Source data
--- START ---
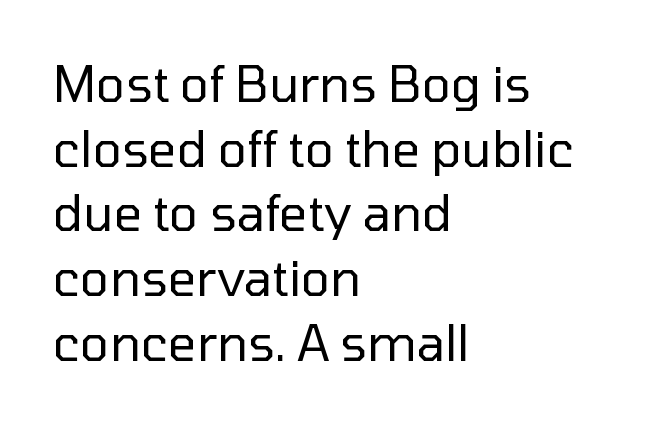
{"serif": "no", "italic": "no", "bold": "no", "weight": "regular", "width": "normal", "stroke_contrast": "low", "x_height": "medium", "monospaced": "no", "underline": "no", "align": "left", "line_spacing": "normal", "line_spacing_ratio": 1.32, "letter_spacing": "normal", "letter_spacing_em": 0.0, "glyph_px": 49}
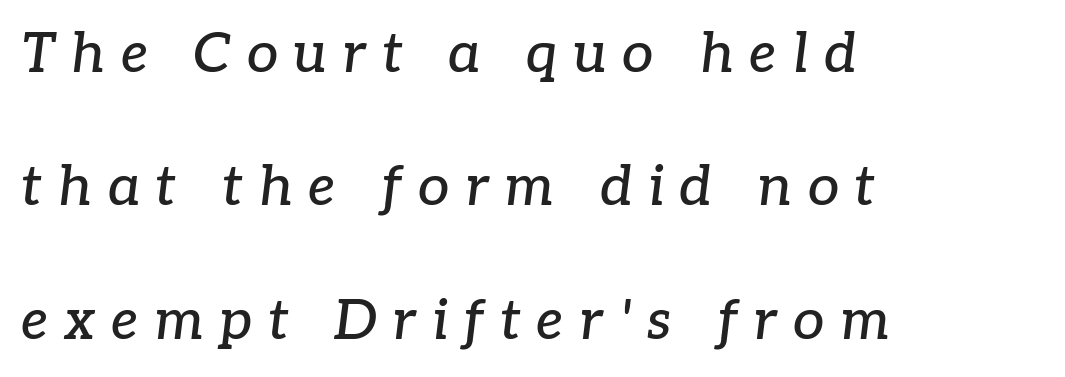
Q: Is the text italic (slanted)? A: Yes, it leans right by about 7 degrees.
Q: Is the typeface a serif or a sans-serif typeface? A: Serif.
Q: Is the text underlined? A: No.
Q: How is the paragraph aligned? A: Left-aligned.
Q: Is the spacing between letters normal or unusually wide? A: Unusually wide.
Q: Is the spacing between lines tight, normal or loose? A: Loose.
Q: Width (condensed, normal, or wide)? A: Normal.
Q: Stroke contrast? A: Low.
Q: x-height? A: Medium.
Q: Monospaced? A: No.
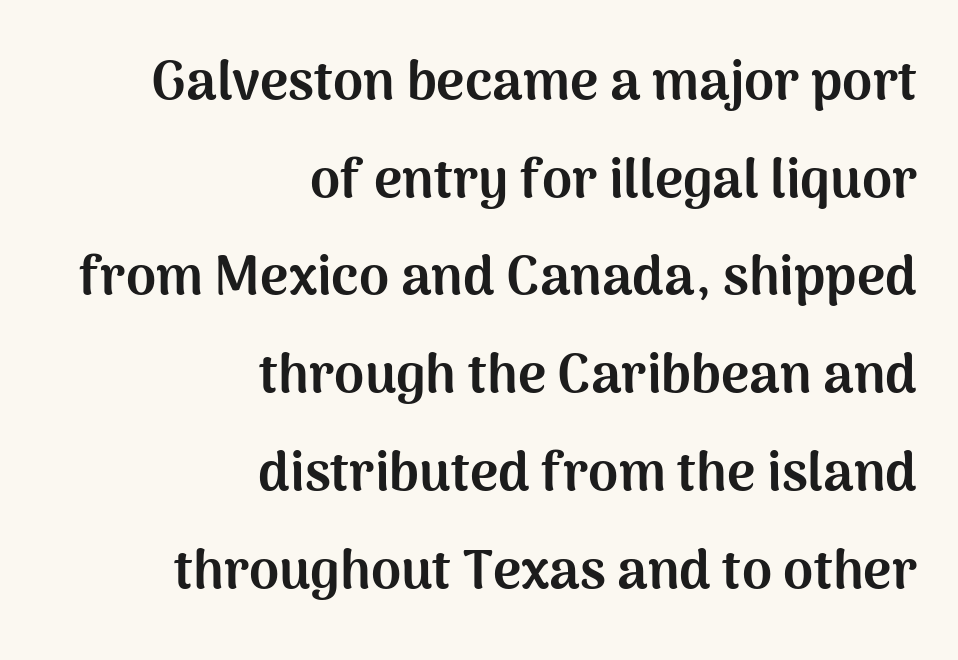
The text block is weighted toward the right margin, trailing off unevenly leftward. Underline: absent. A typesetter would label this face a sans. Look at the tracking — it's just the regular setting, nothing added.
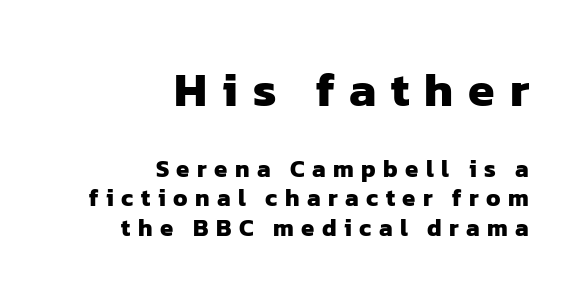
Character widths vary here, with narrow letters taking less room than wide ones. Glyph-to-glyph distance is far greater than everyday printed text. The face used here appears at its bigger size in the upper chunk. The letters carry no serifs — their stems end cleanly without finishing strokes.
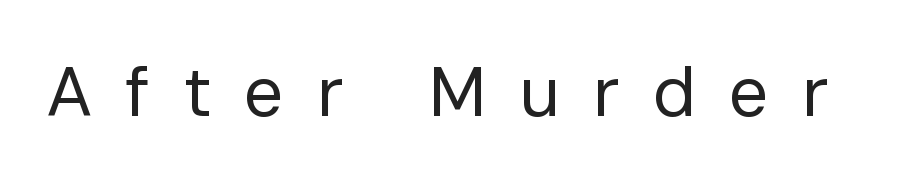
Descenders hang freely into open space. Inter-character spacing is expanded well beyond the font's built-in metrics. This sample has the flowing, uneven cadence of proportional lettering. Posture: straight, roman, zero tilt. No feet cap the strokes, marking this as sans-serif type.
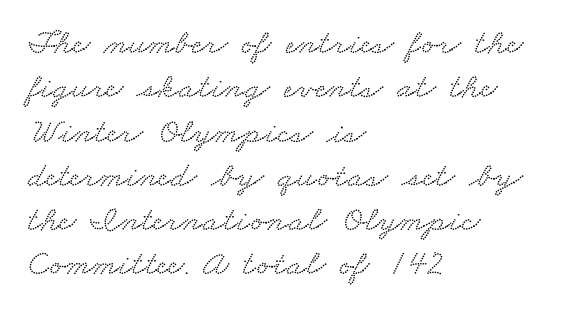
The image shows 36 px wide serif type; set left-aligned, line spacing 1.23x, normal letter spacing, not underlined; low stroke contrast and a small x-height.
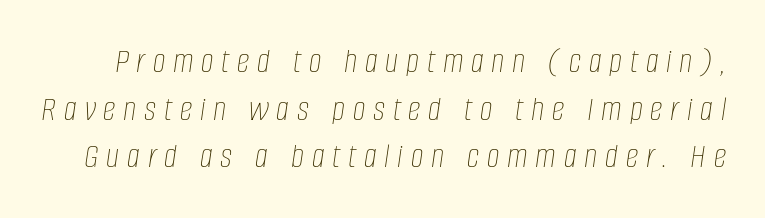
A typesetter would mark this as italic. Counters stay open thanks to moderate or lighter strokes. Honestly, the row spacing looks completely unremarkable. The face used here is proportionally spaced, like ordinary book or web type.
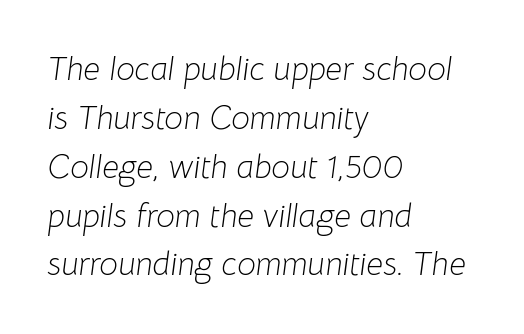
Q: Is the text bold? A: No.
Q: Is the text italic (slanted)? A: Yes, it leans right by about 8 degrees.
Q: Is the text underlined? A: No.
Q: How is the paragraph aligned? A: Left-aligned.
Q: Is the spacing between letters normal or unusually wide? A: Normal.
Q: Is the spacing between lines tight, normal or loose? A: Normal.
Q: Width (condensed, normal, or wide)? A: Normal.
Q: Stroke contrast? A: Low.
Q: x-height? A: Medium.
Q: Monospaced? A: No.
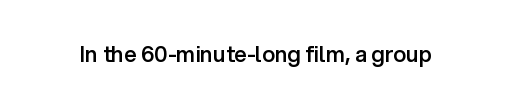
There is no visible air inserted between adjacent glyphs. The characters look somewhat weighty, a semibold short of true bold. Check the space under the baseline: it is left empty. Ascenders rise straight up at ninety degrees.
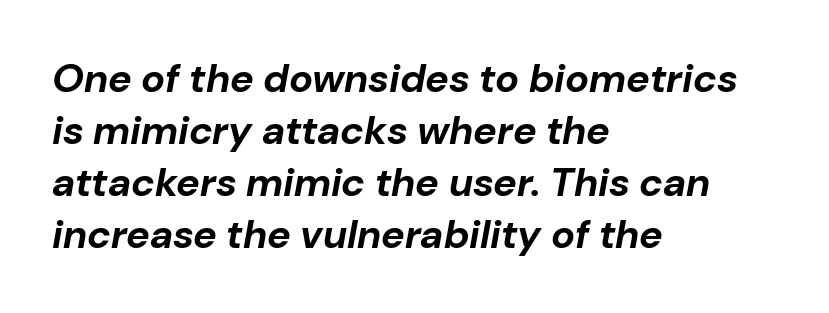
Q: Is the text bold? A: Yes.
Q: Is the text italic (slanted)? A: Yes, it leans right by about 10 degrees.
Q: Is the text underlined? A: No.
Q: How is the paragraph aligned? A: Left-aligned.
Q: Is the spacing between letters normal or unusually wide? A: Normal.
Q: Is the spacing between lines tight, normal or loose? A: Normal.
Q: Width (condensed, normal, or wide)? A: Normal.
Q: Stroke contrast? A: Low.
Q: x-height? A: Medium.
Q: Monospaced? A: No.
--- END ---
(Problem to work on) Lines containing the word "degrees": copy every one of them from the records above.

(Answer for the task)
Q: Is the text italic (slanted)? A: Yes, it leans right by about 7 degrees.
Q: Is the text italic (slanted)? A: Yes, it leans right by about 8 degrees.
There is no visible air inserted between adjacent glyphs. The characters look somewhat weighty, a semibold short of true bold. Check the space under the baseline: it is left empty. Ascenders rise straight up at ninety degrees.
Q: Is the text italic (slanted)? A: Yes, it leans right by about 10 degrees.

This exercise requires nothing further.